--- EXERCISE DATA Enclosed Below ---

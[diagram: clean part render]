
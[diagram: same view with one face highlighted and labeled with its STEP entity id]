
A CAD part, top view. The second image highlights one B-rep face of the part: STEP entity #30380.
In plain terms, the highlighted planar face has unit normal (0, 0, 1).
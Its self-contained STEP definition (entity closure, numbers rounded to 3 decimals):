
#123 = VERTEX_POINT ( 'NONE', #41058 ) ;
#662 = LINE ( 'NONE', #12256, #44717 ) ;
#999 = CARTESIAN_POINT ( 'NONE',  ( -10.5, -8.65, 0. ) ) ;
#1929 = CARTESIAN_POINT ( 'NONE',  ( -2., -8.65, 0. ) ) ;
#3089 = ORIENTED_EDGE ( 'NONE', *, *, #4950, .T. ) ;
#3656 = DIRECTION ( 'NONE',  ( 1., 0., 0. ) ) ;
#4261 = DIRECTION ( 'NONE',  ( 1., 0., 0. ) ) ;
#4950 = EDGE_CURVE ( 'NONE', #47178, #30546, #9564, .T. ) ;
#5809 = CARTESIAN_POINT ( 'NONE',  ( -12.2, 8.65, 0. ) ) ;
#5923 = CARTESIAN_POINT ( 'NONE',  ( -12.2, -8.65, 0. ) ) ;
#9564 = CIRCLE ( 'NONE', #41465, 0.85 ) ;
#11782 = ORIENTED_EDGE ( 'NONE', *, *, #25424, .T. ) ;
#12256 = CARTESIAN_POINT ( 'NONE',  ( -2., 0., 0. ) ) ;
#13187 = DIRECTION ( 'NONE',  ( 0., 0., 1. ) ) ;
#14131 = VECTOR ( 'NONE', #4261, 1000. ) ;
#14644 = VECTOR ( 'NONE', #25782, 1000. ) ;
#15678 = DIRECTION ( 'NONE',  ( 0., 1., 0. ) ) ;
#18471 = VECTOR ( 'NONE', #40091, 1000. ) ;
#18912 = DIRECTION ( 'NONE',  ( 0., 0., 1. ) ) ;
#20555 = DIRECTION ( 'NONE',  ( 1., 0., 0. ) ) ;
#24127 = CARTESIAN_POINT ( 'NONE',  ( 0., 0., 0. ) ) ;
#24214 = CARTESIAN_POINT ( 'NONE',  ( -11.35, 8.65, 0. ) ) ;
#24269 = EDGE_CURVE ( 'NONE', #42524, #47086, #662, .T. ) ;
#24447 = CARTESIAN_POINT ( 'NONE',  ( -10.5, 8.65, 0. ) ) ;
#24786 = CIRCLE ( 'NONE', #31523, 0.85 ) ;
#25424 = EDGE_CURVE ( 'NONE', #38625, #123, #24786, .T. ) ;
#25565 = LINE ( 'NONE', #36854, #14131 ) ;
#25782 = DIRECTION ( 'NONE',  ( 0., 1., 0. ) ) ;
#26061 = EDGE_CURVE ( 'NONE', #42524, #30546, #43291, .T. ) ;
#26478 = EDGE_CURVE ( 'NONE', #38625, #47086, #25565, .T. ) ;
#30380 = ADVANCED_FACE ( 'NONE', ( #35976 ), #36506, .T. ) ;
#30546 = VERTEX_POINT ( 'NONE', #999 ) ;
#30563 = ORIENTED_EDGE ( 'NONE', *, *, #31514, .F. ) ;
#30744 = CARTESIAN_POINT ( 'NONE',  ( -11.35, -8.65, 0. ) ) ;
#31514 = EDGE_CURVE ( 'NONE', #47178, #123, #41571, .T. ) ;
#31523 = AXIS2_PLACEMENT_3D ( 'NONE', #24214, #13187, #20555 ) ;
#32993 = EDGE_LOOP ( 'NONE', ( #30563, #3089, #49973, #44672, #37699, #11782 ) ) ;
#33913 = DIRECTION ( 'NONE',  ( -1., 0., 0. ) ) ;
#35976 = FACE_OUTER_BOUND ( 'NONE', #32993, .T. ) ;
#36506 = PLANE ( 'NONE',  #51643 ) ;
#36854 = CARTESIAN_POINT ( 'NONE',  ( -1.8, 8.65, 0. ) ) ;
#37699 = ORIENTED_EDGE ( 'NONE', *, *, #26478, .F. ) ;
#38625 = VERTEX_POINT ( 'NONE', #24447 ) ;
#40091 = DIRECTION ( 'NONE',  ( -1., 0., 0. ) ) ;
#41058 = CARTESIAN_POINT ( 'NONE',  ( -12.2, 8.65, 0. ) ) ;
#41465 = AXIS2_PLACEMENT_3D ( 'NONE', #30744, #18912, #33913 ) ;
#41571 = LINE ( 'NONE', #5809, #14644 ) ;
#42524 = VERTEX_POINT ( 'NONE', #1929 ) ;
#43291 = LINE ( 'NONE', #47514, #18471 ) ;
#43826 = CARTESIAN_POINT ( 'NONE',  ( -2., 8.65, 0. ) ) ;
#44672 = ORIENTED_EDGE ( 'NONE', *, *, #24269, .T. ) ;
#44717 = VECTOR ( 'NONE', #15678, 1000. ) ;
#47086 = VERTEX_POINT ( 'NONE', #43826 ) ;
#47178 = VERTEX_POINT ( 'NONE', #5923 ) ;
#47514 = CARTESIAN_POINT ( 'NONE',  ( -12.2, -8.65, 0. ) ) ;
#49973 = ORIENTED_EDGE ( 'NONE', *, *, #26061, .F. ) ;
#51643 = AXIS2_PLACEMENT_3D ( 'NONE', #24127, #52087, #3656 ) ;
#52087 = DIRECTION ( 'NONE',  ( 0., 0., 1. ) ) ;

--- End of Enclosed EXERCISE DATA ---

AIM OF THE TASK: Each line in the data that holds the string "STEP" should be found and copied.

ANSWER AREA:
[diagram: same view with one face highlighted and labeled with its STEP entity id]
A CAD part, top view. The second image highlights one B-rep face of the part: STEP entity #30380.
Its self-contained STEP definition (entity closure, numbers rounded to 3 decimals):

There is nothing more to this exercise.